I also get why she may have reacted and shown that she backed off from touch.  She was now too uncomfortable to feel close, too afraid to say cross words by saying any.  So she let you hold her. She later chose to end things, probably because she couldn't face something, whatever that was. No one can say.

You say you didn't break up with her because you didn't see it that way.  She certainly did. 

Maybe she thought she disappointed you.

If as I first surmised the exchange you two had was not about sex, who knows?  But it's likely safe to say it was actually about something bigger than just an issue with sex. But really, it doesn't matter so much what it was about. You decided you preferred to have no contact after that, and that was a choice you made - not because you didn't want her around, but because you didn't want whatever should be repaired, fixed and finished. Blocking her doesn't finish that.

What you're wanting is closure, but until you get honest with yourself, a therapist or someone else - why she matters and why now - you will still feel something's amiss for longer than it would have otherwise taken to have anything she'd done settled.

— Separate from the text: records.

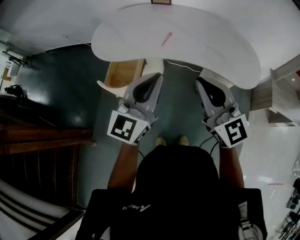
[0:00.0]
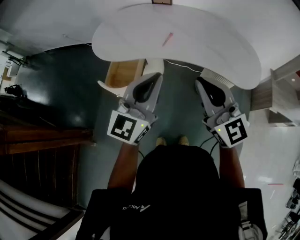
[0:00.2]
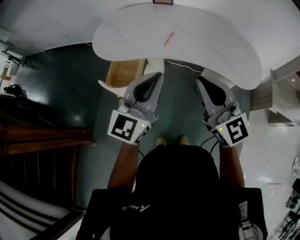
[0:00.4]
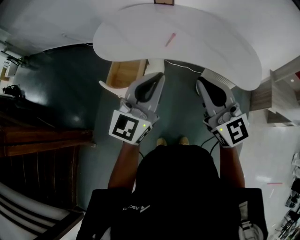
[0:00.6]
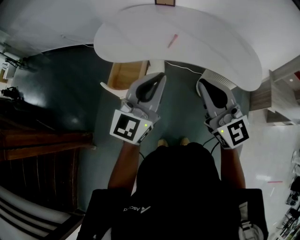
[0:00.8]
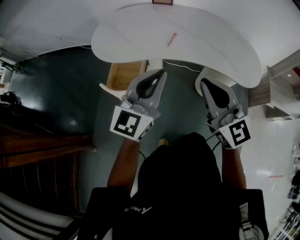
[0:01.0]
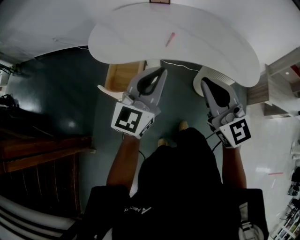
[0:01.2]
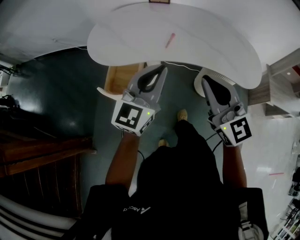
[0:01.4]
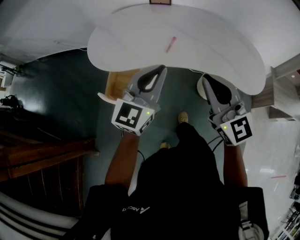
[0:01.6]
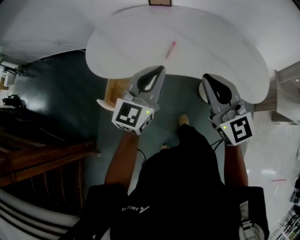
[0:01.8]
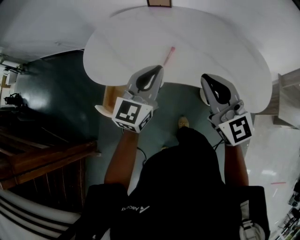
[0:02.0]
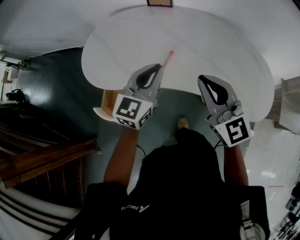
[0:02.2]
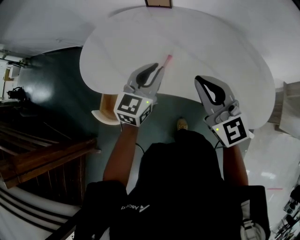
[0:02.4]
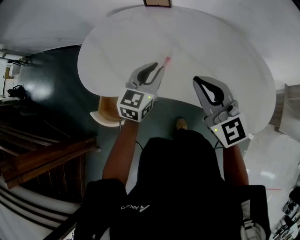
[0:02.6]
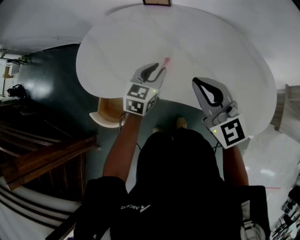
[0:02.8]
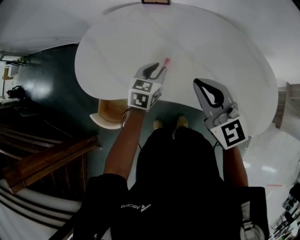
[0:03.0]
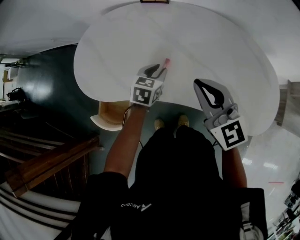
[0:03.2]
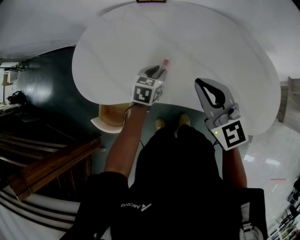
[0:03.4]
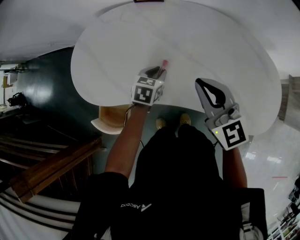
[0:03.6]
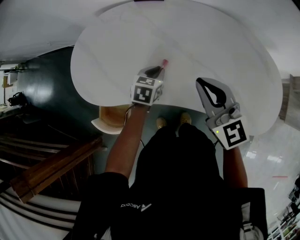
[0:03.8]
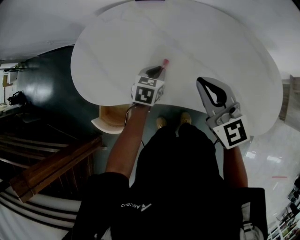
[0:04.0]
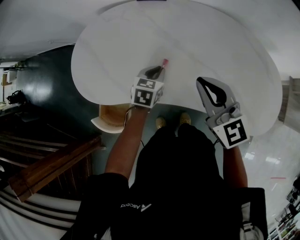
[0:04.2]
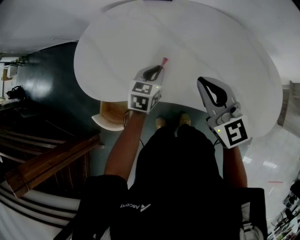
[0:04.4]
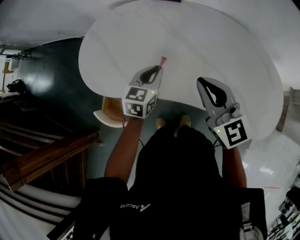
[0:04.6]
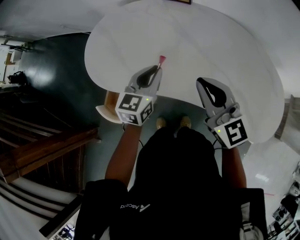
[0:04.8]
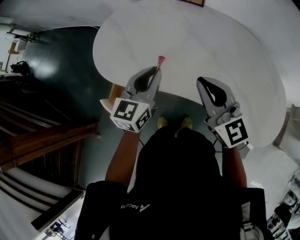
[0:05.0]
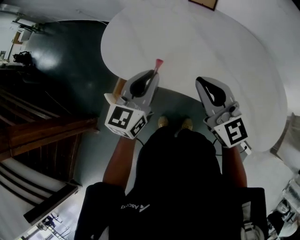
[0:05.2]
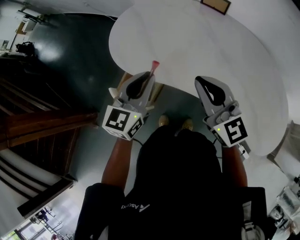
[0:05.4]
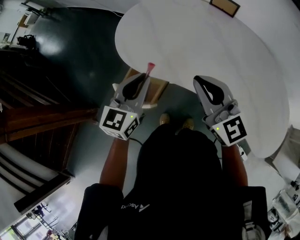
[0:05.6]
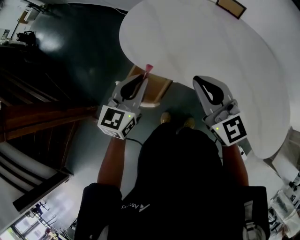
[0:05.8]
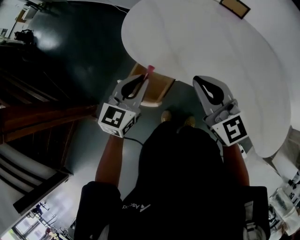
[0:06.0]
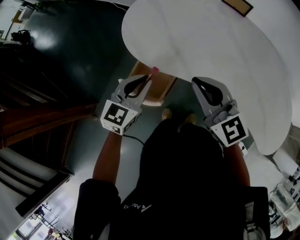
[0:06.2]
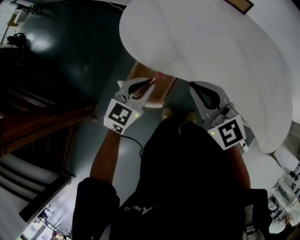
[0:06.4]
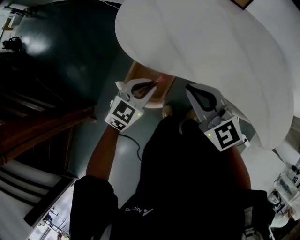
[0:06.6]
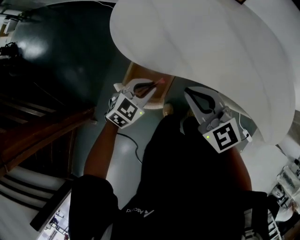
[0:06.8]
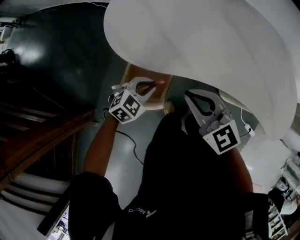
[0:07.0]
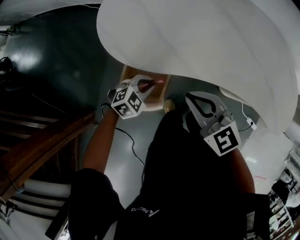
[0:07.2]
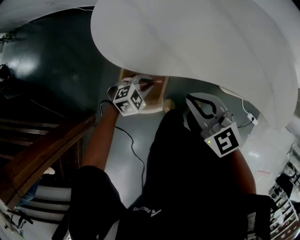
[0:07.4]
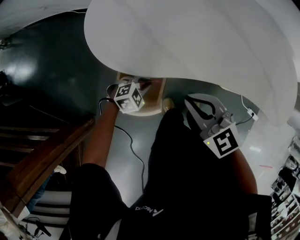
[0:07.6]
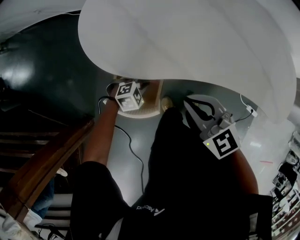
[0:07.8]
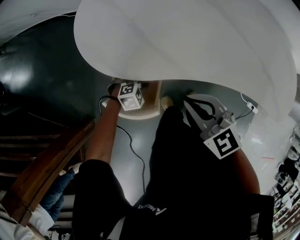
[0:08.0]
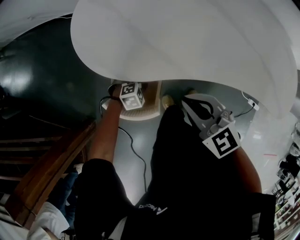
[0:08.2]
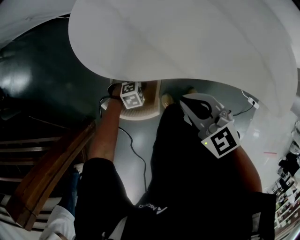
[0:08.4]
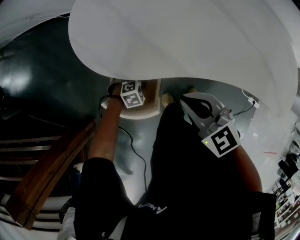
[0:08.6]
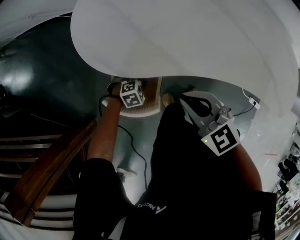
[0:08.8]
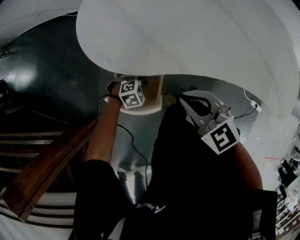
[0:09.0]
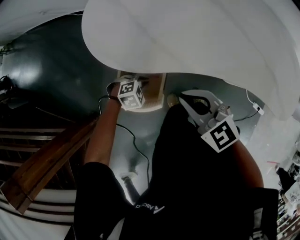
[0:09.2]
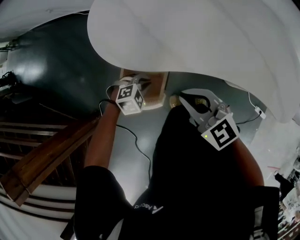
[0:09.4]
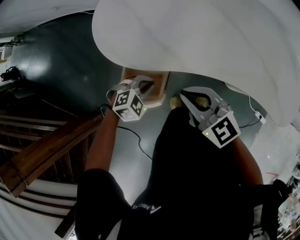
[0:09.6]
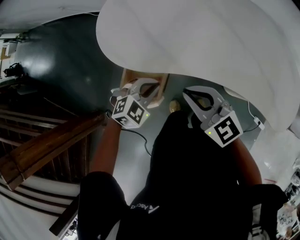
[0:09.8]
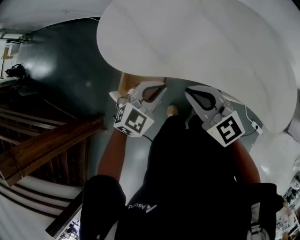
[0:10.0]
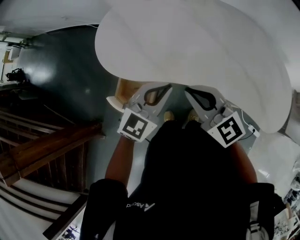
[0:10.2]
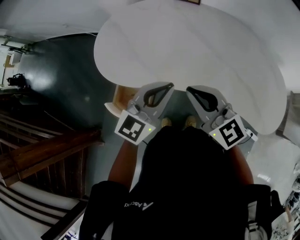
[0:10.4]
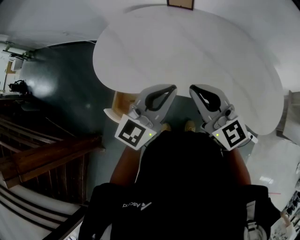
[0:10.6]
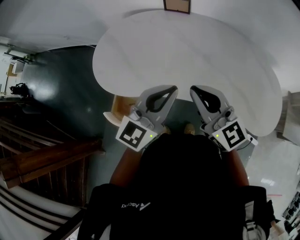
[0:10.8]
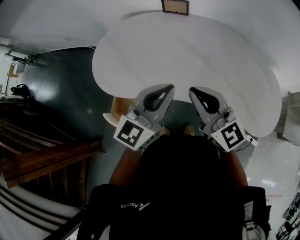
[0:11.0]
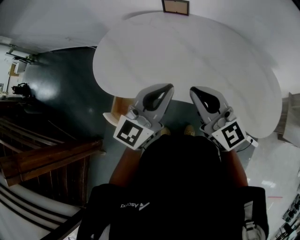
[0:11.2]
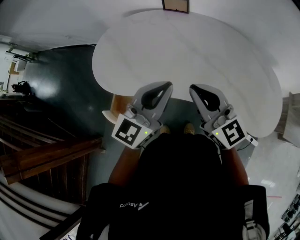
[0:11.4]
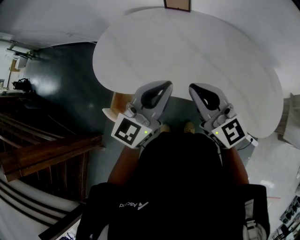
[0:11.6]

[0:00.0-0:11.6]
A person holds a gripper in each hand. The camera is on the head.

This has been one the most insightful posts and I thank you from the bottom of my heat. Everything you stated and outlined, friends and even my therapist has said. I chose no contact not to be malicious or mean but for other reasons. The relationship wasn't the strongest and I understand the mistakes I made (for another post). I am actively working through my issues so I won't put myself in a position like this again. She triggered something from my past, trying to figure out what it was. The only thing I don't agree with respectfully that it was crass that I told her I wanted to finish. I wasn't mean, I was careful with how I said it. Again thanks for the reply, it was awesome to read your perspective.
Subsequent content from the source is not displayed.